SessionStart hook only receives session metadata (session_id, type, cwd), NOT the prompt. Injected trace context is never seen.

The hook receives:

{
  "session_id": "...",
  "type": "start|resume|compact|clear",
  "cwd": "...",
  "env": {...}
}

No prompt field exists - context injection is impossible at SessionStart.

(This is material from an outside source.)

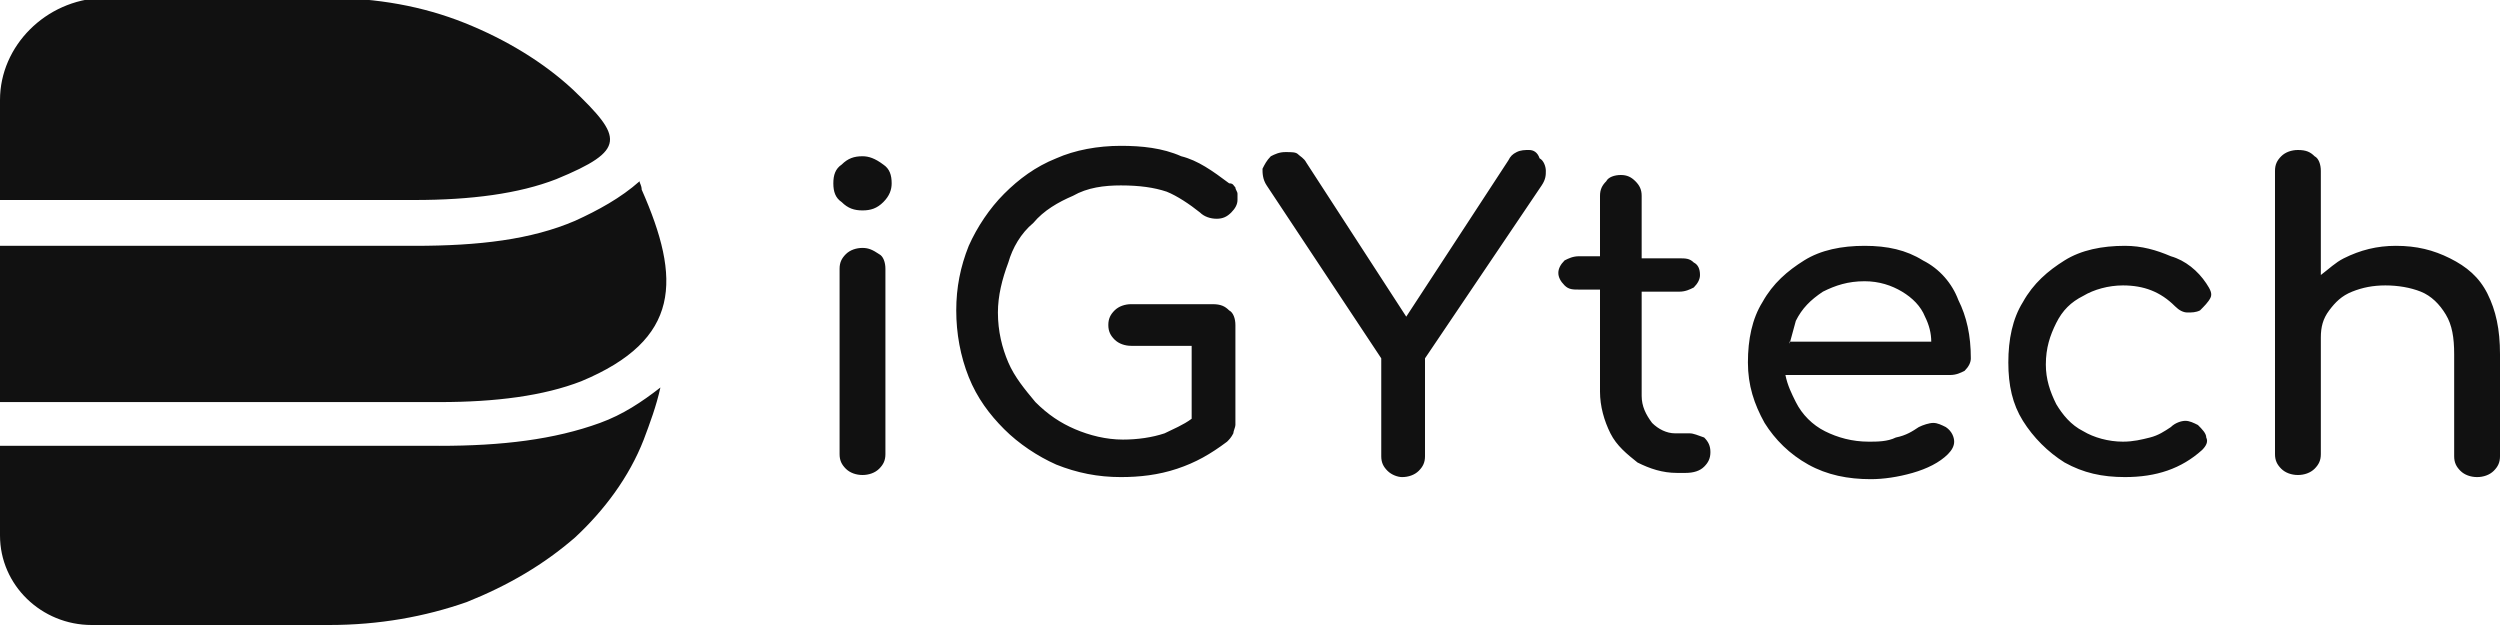 <svg version="1.1" xmlns="http://www.w3.org/2000/svg" x="0" y="0" viewBox="0 0 120 30" xml:space="preserve" enable-background="new 0 0 120 30" width="120" height="30"><script xmlns=""/><title>brand 2</title><g class="nc-icon-wrapper" fill="#111111"><path class="st0" d="M41.4 11.9c-.3 0-.6.1-.8.3-.2.2-.3.4-.3.7v8.9c0 .3.1.5.3.7.2.2.5.3.8.3.3 0 .6-.1.8-.3.2-.2.3-.4.3-.7v-8.9c0-.3-.1-.6-.3-.7-.3-.2-.5-.3-.8-.3zm0-4.4c-.4 0-.7.1-1 .4-.3.2-.4.5-.4.9s.1.7.4.9c.3.3.6.4 1 .4s.7-.1 1-.4c.3-.3.4-.6.4-.9 0-.4-.1-.7-.4-.9-.4-.3-.7-.4-1-.4zm8.2 3.2c.5-.6 1.2-1 1.9-1.3.7-.4 1.5-.5 2.3-.5.9 0 1.6.1 2.2.3.5.2 1.1.6 1.6 1 .2.2.5.3.8.3.3 0 .5-.1.7-.3.2-.2.3-.4.3-.6v-.3c0-.1-.1-.2-.1-.3-.1-.1-.1-.2-.3-.2-.8-.6-1.5-1.1-2.3-1.3-.9-.4-1.9-.5-2.9-.5-1.1 0-2.2.2-3.1.6-1 .4-1.8 1-2.5 1.7s-1.3 1.6-1.7 2.5c-.4 1-.6 2-.6 3.1s.2 2.2.6 3.2c.4 1 1 1.8 1.7 2.5s1.6 1.3 2.5 1.7c1 .4 2 .6 3.1.6.9 0 1.8-.1 2.7-.4.9-.3 1.6-.7 2.4-1.3.1-.1.2-.2.3-.4 0-.1.1-.3.1-.4v-4.8c0-.3-.1-.6-.3-.7-.2-.2-.4-.3-.8-.3h-3.9c-.3 0-.6.1-.8.3-.2.2-.3.4-.3.7 0 .3.1.5.3.7.2.2.5.3.8.3h2.9v3.5c-.4.3-.9.5-1.3.7-.6.2-1.3.3-2 .3-.8 0-1.6-.2-2.3-.5-.7-.3-1.3-.7-1.9-1.3-.5-.6-1-1.2-1.3-1.9-.3-.7-.5-1.5-.5-2.4 0-.8.2-1.6.5-2.4.2-.7.6-1.4 1.2-1.9zm23.8-3.5c-.2 0-.4 0-.6.1-.2.1-.3.2-.4.4l-4.9 7.5-4.8-7.4c-.1-.2-.3-.3-.4-.4-.1-.1-.3-.1-.6-.1s-.5.1-.7.2c-.2.2-.3.4-.4.6 0 .2 0 .5.2.8l5.5 8.3v4.7c0 .3.1.5.3.7.2.2.5.3.7.3.3 0 .6-.1.8-.3.2-.2.3-.4.3-.7v-4.7L74 8.9c.2-.3.2-.5.2-.7 0-.2-.1-.5-.3-.6-.1-.3-.3-.4-.5-.4zm7.7 13.6h-.7c-.4 0-.8-.2-1.1-.5-.3-.4-.5-.8-.5-1.3v-5h1.8c.3 0 .5-.1.7-.2.2-.2.3-.4.3-.6 0-.3-.1-.5-.3-.6-.2-.2-.4-.2-.7-.2h-1.8v-3c0-.3-.1-.5-.3-.7-.2-.2-.4-.3-.7-.3-.3 0-.6.1-.7.3-.2.2-.3.4-.3.7v2.9h-1c-.3 0-.5.1-.7.2-.2.2-.3.4-.3.6 0 .2.1.4.3.6.2.2.4.2.7.2h1v4.9c0 .7.2 1.4.5 2 .3.6.8 1 1.3 1.4.6.3 1.2.5 1.9.5h.4c.4 0 .7-.1.9-.3.2-.2.3-.4.3-.7 0-.3-.1-.5-.3-.7-.3-.1-.5-.2-.7-.2zm11.2-8.3c-.8-.5-1.7-.7-2.8-.7-1.1 0-2.1.2-2.9.7-.8.5-1.5 1.1-2 2-.5.8-.7 1.8-.7 2.9 0 1.1.3 2 .8 2.9.5.8 1.2 1.5 2.1 2 .9.5 1.9.7 3 .7.6 0 1.3-.1 2-.3.7-.2 1.3-.5 1.7-.9.2-.2.3-.4.3-.6 0-.2-.1-.5-.4-.7-.2-.1-.4-.2-.6-.2-.2 0-.5.1-.7.2-.3.2-.6.4-1.1.5-.4.2-.9.2-1.3.2-.8 0-1.5-.2-2.1-.5-.6-.3-1.1-.8-1.4-1.4-.2-.4-.4-.8-.5-1.3h7.9c.3 0 .5-.1.7-.2.2-.2.3-.4.3-.6 0-1.1-.2-2-.6-2.8-.3-.8-.9-1.5-1.7-1.9zm-6.4 4c.1-.4.2-.7.3-1.1.3-.6.7-1 1.3-1.4.6-.3 1.2-.5 2-.5.7 0 1.3.2 1.8.5s.9.7 1.1 1.2c.2.4.3.8.3 1.2h-6.8zm18.3-4.2c-.7-.3-1.4-.5-2.2-.5-1.1 0-2.1.2-2.9.7-.8.5-1.5 1.1-2 2-.5.8-.7 1.8-.7 2.9 0 1.1.2 2 .7 2.8.5.8 1.2 1.5 2 2 .9.5 1.8.7 2.9.7 1.5 0 2.7-.4 3.7-1.3.2-.2.3-.4.2-.6 0-.2-.2-.4-.4-.6-.2-.1-.4-.2-.6-.2-.2 0-.5.1-.7.3-.3.2-.6.4-1 .5-.4.1-.8.2-1.3.2-.7 0-1.4-.2-1.9-.5-.6-.3-1-.8-1.3-1.3-.3-.6-.5-1.2-.5-1.9 0-.8.2-1.4.5-2 .3-.6.7-1 1.3-1.3.5-.3 1.2-.5 1.9-.5 1 0 1.8.3 2.5 1 .2.2.4.3.6.3.2 0 .4 0 .6-.1.2-.2.4-.4.5-.6.1-.2 0-.4-.2-.7-.4-.6-1-1.1-1.7-1.3zm15.2 1.8c-.4-.8-1-1.3-1.8-1.7-.8-.4-1.6-.6-2.6-.6-.9 0-1.7.2-2.5.6-.4.2-.7.5-1.1.8v-5c0-.3-.1-.6-.3-.7-.2-.2-.4-.3-.8-.3-.3 0-.6.1-.8.3-.2.2-.3.4-.3.7V21.8c0 .3.1.5.3.7.2.2.5.3.8.3.3 0 .6-.1.8-.3.2-.2.3-.4.3-.7v-5.6c0-.5.1-.9.4-1.3.3-.4.6-.7 1.1-.9.5-.2 1-.3 1.6-.3.6 0 1.2.1 1.7.3.5.2.9.6 1.2 1.1.3.5.4 1.1.4 1.9v4.9c0 .3.1.5.3.7.2.2.5.3.8.3.3 0 .6-.1.8-.3.2-.2.3-.4.3-.7V17c0-1.2-.2-2.1-.6-2.9zm-98.3 7.3H0v4.3C0 28.1 2 30 4.4 30h11.4c2.4 0 4.6-.4 6.6-1.1 2-.8 3.7-1.8 5.2-3.1 1.4-1.3 2.6-2.9 3.3-4.7.3-.8.6-1.6.8-2.5-.9.7-1.8 1.3-2.9 1.7-2.2.8-4.7 1.1-7.7 1.1zM19.9 9.6c2.7 0 5-.3 6.8-1 3.4-1.4 3.2-2 .8-4.3-1.4-1.3-3.2-2.4-5.2-3.2-2-.8-4.2-1.2-6.6-1.2H4.9C2.2 0 0 2.2 0 4.8v4.8h19.9zm10.8-.9c-.9.8-2 1.4-3.1 1.9-2.1.9-4.6 1.2-7.7 1.2H0v7.5h21.1c2.7 0 5-.3 6.8-1 4.8-2 4.8-4.9 2.9-9.2 0-.2-.1-.3-.1-.4z" id="Layer_1" fill-rule="evenodd" clip-rule="evenodd"/></g></svg>

2. SubagentStop → PostToolUse file handoff

Race condition. These are independent async hooks with no timing guarantees:

  • SubagentStop fires when sub-agent session ends
  • PostToolUse (Task) fires when Task tool completes
  • No ordering guarantee between them
  • Writing to a correlation file creates a race

3. PreToolUse correlation files

SessionStart can't access the task_span_id because it has no context about which Task spawned it. PreToolUse modifies prompts but doesn't create a reliably accessible state file that SessionStart can find.

What DOES Work

Post-hoc matching for dataset building:

Parent session Task spans contain:

  • agentId - identifier for the sub-agent run
  • totalTokens, totalToolUseCount - aggregated metrics
  • content - full agent response/summary
  • tool_input.prompt - original task prompt
  • tool_input.subagent_type - agent type (e.g., "oracle")
  • Start/end timestamps

Sub-agent sessions contain:

  • session_id (equals orphaned trace root_span_id)
  • Start/end timestamps
  • All internal spans and tool calls

Correlation strategy:

  1. Export parent session traces (query parent root_span_id)
  2. Export sub-agent traces (query all sessions created within parent's time window)
  3. Match by:
    • Timing: Task span end ≈ sub-agent session end
    • Metadata: subagent_type from Task prompt
    • IDs: SubagentStop hook provides session_id (can be captured and logged)

Architecture Insight

SessionStart input is intentionally minimal - it contains no prompt or tool context:

interface SessionStartInput {
  session_id: string;
  type: "start" | "resume" | "compact" | "clear";
  cwd: string;
  env: { [key: string]: string };
  // NO: prompt, tool_context, task_span_id, parent_span_id
}

This design boundary prevents real-time correlation at hook time.

Recommendation

For building agent run datasets with sub-agent correlation:

  1. In-session logging: Capture SubagentStop session_id in logs or state
  2. Post-session export: Query Braintrust API for parent and sub-agent traces
  3. Offline correlation: Match traces by timing and metadata in a script
  4. Don't try real-time linking: Hooks don't have necessary context

Example script pattern:

# 1. Export parent session
braintrust_analyze.py --replay <parent-session-id> > parent_traces.json

# 2. Query for orphaned sub-agent traces (those created during parent's time window)
braintrust_analyze.py --agent-stats > all_agent_traces.json

# 3. Correlate in Python:
#    - Parent Task spans -> agentId, timestamps, subagent_type
#    - Orphaned traces -> root_span_id, timestamps
#    - Match by timing and type

This approach is reliable, testable, and doesn't require hooks to maintain implicit state.